2. Tríplice Entente foi a aliança militar realizada entre a Inglaterra, a França e o Império Russo após a assinatura da Entente Anglo-Russa em 1907. A Aliança Franco-Russa de 1871, juntamente com a Entente Anglo-Russa de 1907 e a Entente Cordiale de 1903, formaram a Tríplice Entente, entre a França, o Império Britânico e a Rússia.

3. O Império Otomano existiu entre 1299 e 1922 e, no seu auge, compreendia a Anatólia, o Médio Oriente, parte do norte de África e do sudeste europeu.

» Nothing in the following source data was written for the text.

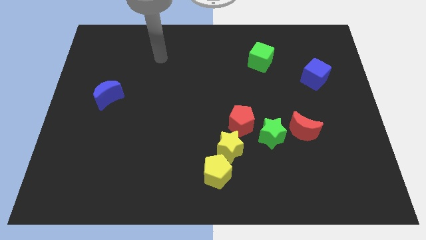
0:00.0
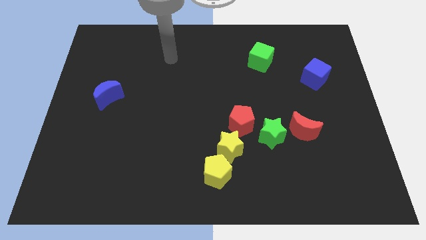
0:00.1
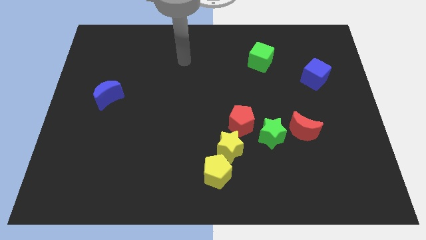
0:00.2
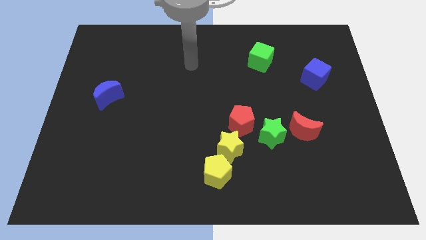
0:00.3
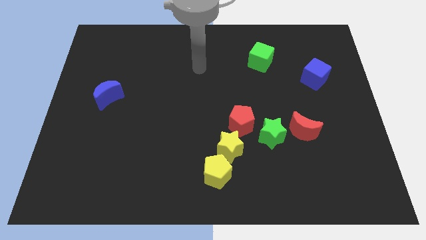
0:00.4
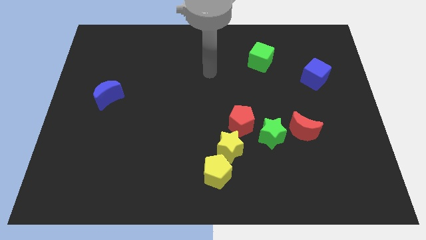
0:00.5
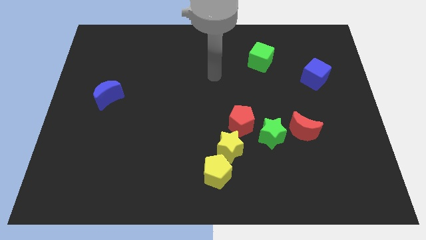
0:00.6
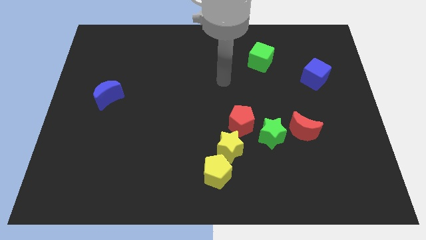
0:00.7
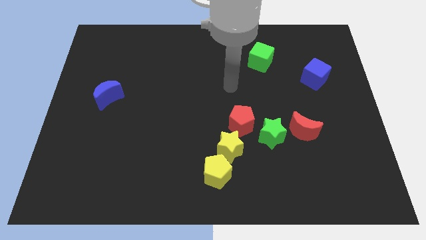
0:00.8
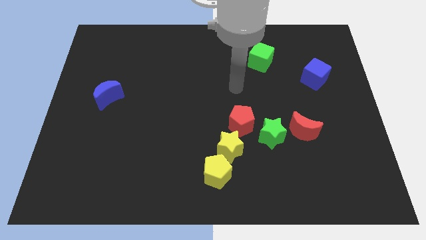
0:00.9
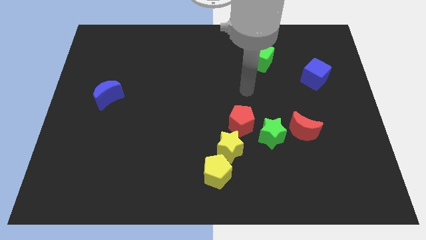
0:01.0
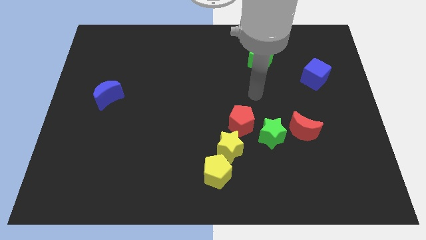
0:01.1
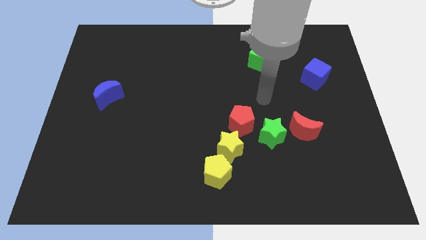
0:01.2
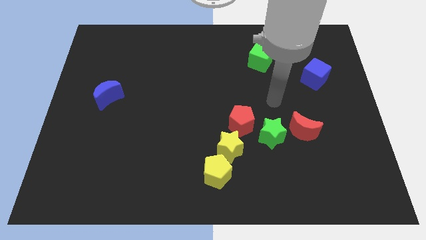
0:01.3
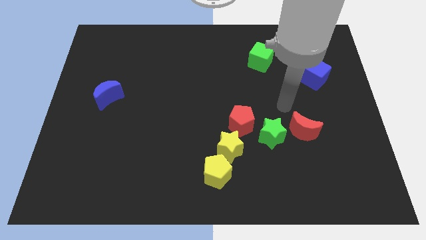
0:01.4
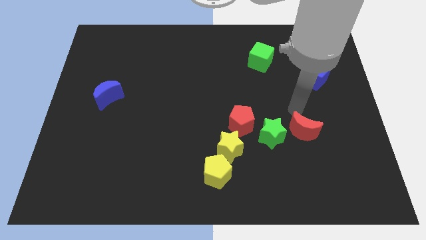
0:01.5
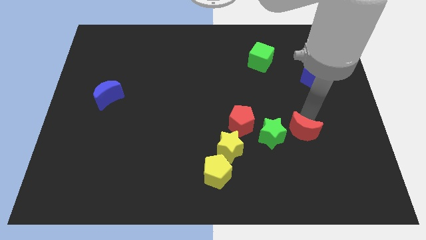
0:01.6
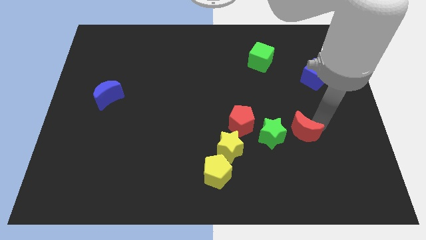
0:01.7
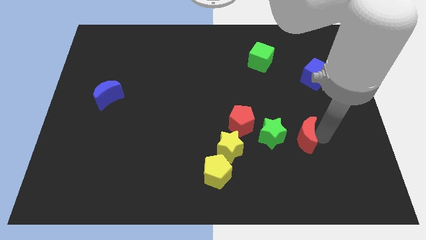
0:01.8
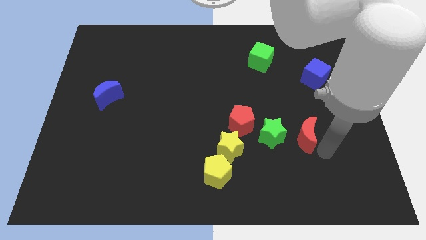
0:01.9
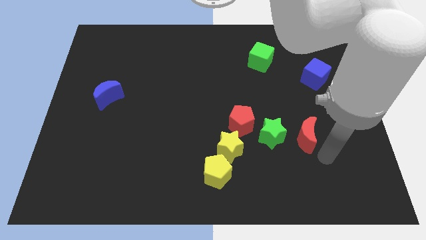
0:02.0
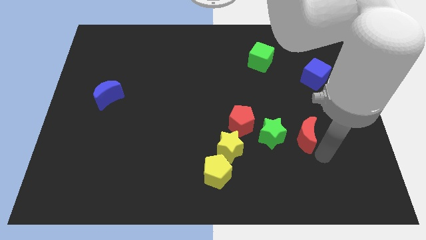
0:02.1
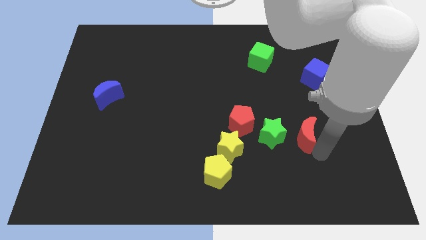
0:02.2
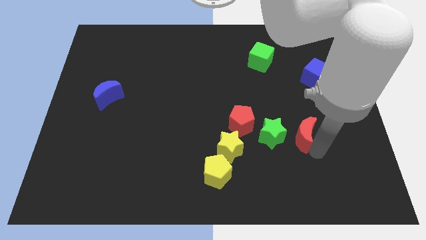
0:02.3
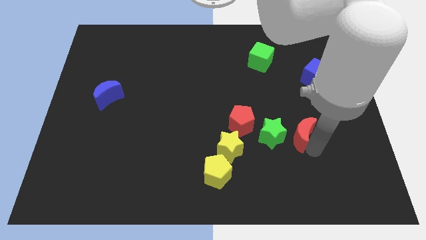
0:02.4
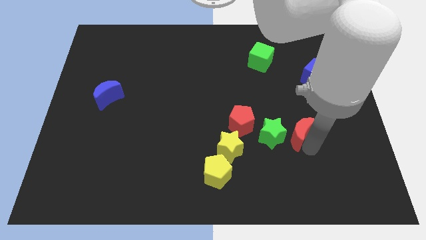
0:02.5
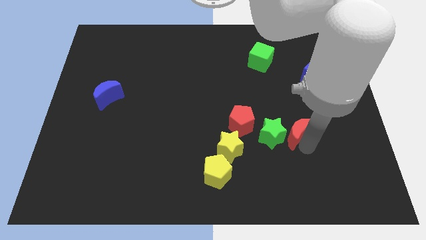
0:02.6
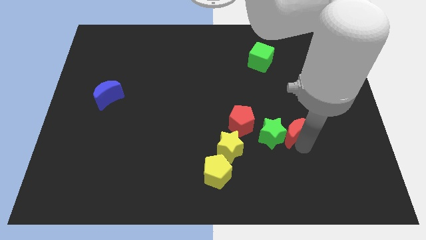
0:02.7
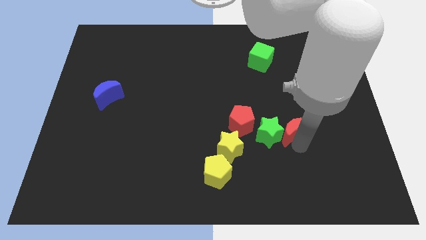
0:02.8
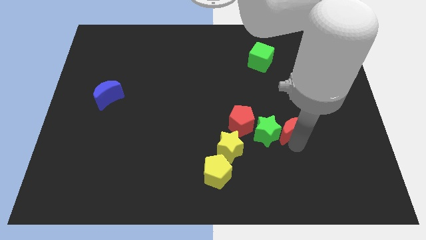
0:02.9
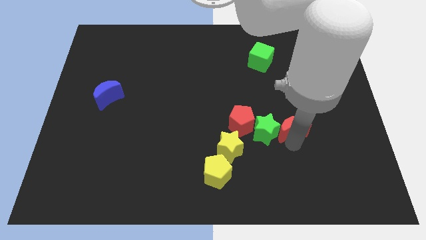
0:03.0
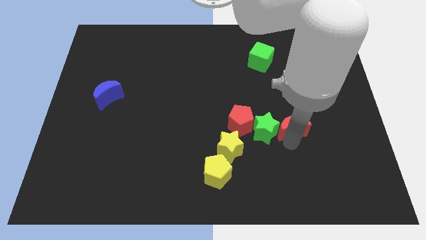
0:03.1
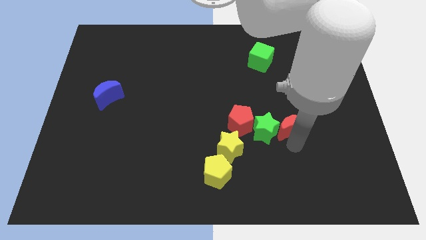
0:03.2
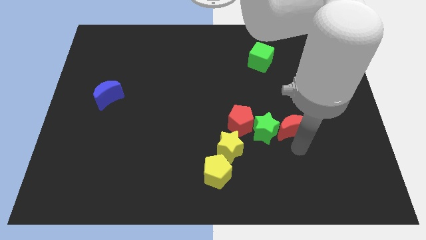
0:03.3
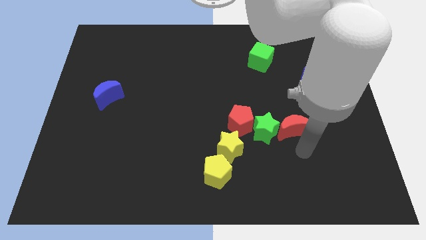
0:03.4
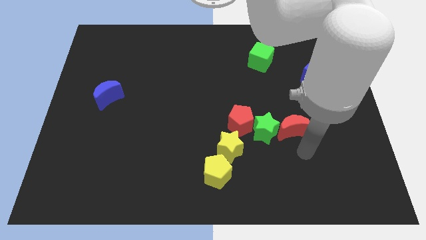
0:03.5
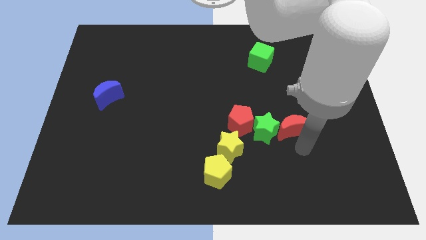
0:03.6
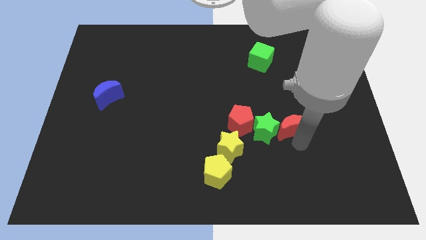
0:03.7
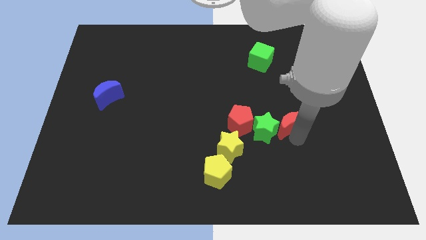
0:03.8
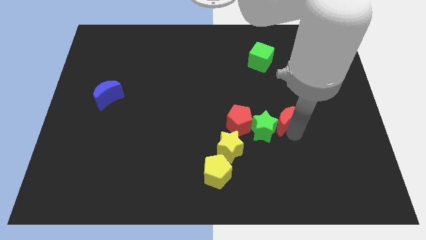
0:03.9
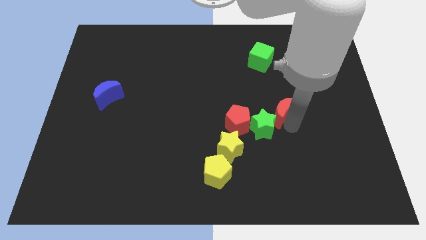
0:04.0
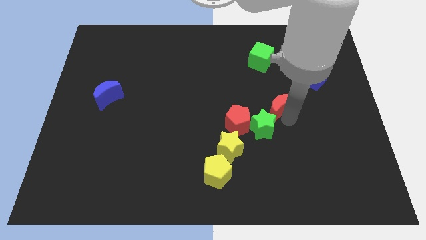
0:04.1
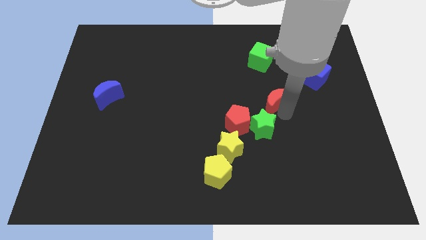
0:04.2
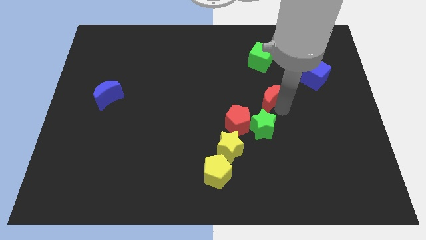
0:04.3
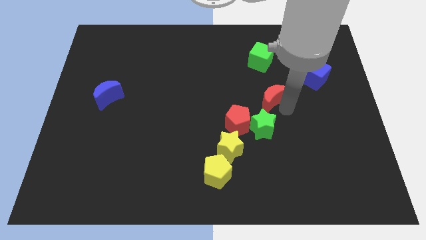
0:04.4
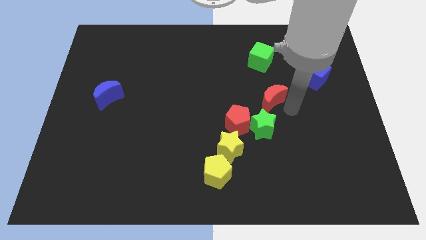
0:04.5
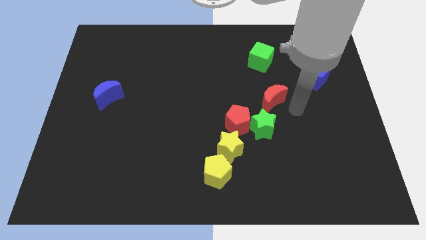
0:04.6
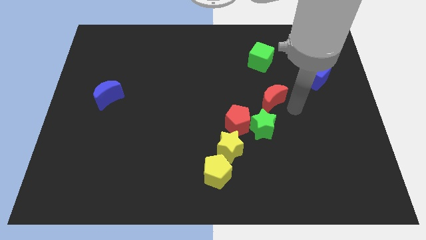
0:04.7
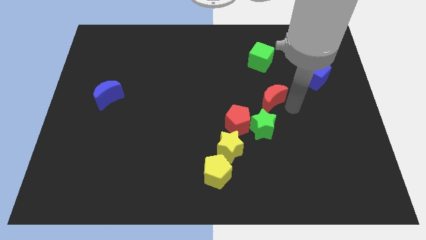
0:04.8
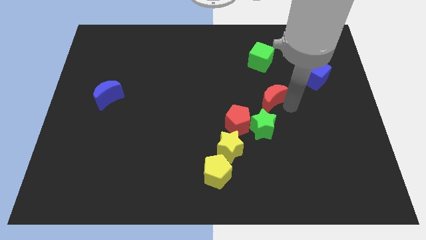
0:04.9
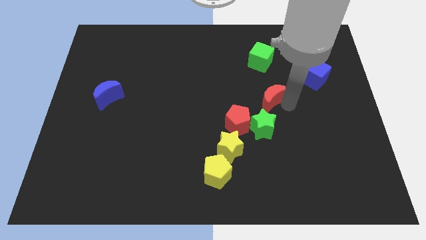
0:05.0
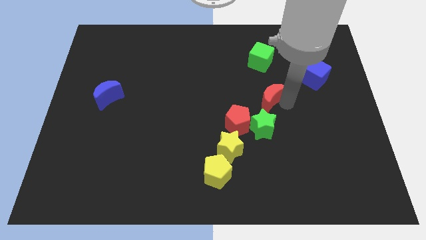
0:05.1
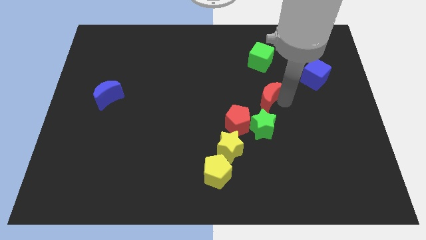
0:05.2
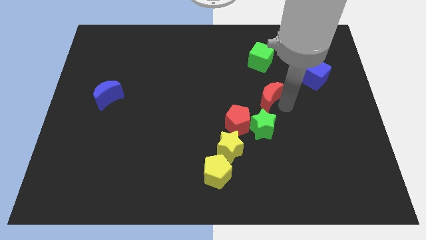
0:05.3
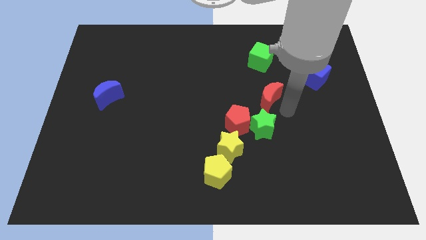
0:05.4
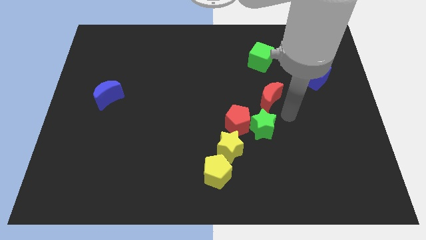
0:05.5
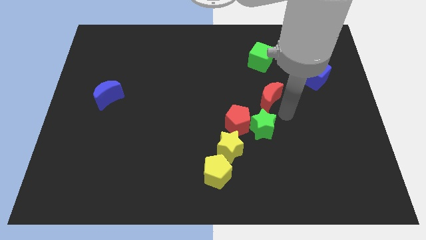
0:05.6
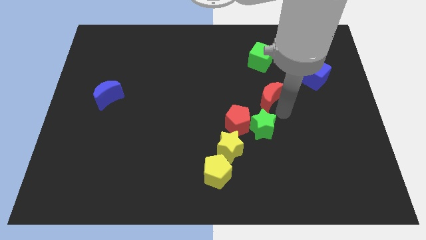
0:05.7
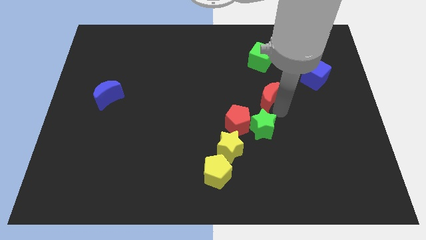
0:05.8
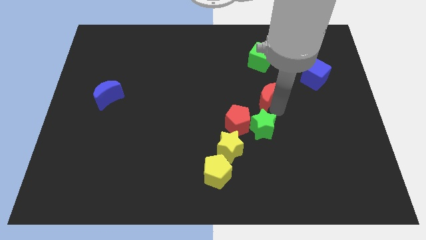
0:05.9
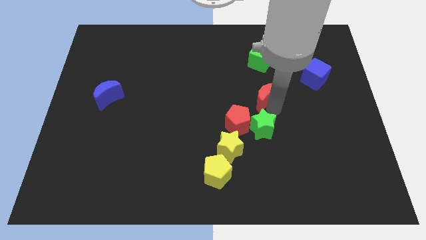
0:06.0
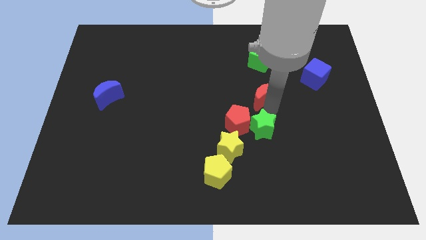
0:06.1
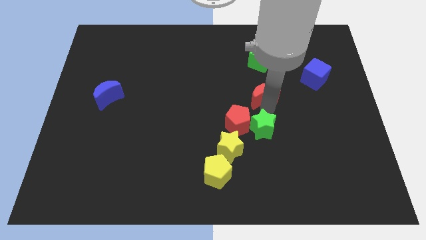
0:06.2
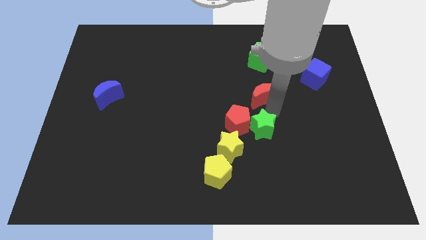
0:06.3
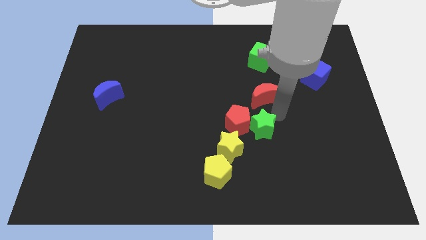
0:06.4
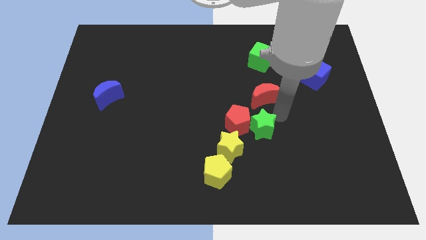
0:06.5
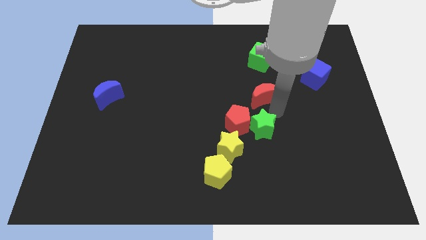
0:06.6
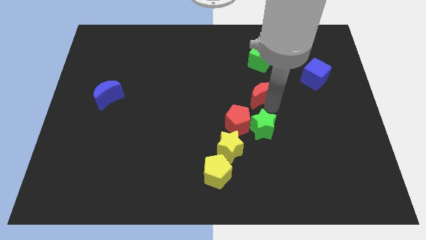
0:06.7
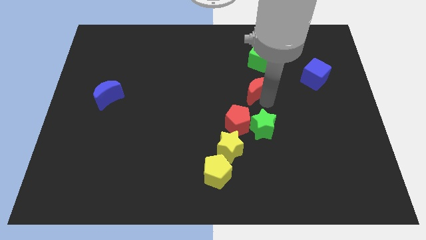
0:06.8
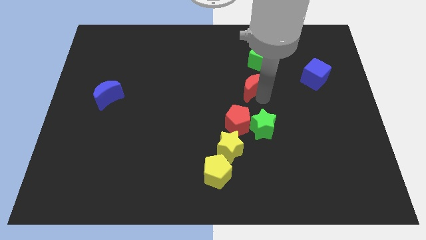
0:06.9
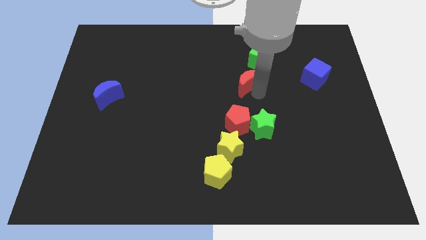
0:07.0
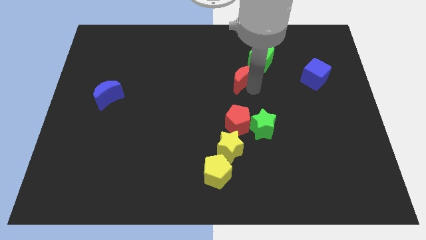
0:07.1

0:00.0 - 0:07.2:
slide the red moon upwards and left

4. O Império Russo existiu de 1721 (Czar Pedro I) até a Revolução Russa, de 1917 (Czar Nicolau II). Em seu ápice, em 1866, se estendia da Europa do Leste, percorria toda a Ásia e chegava à América do Norte.

5. O Império Alemão governado pela Casa von Hohenzollern. Existiu desde a sua consolidação como Estado-nação em 1871 até 1918, após a derrota na 1ª Guerra Mundial.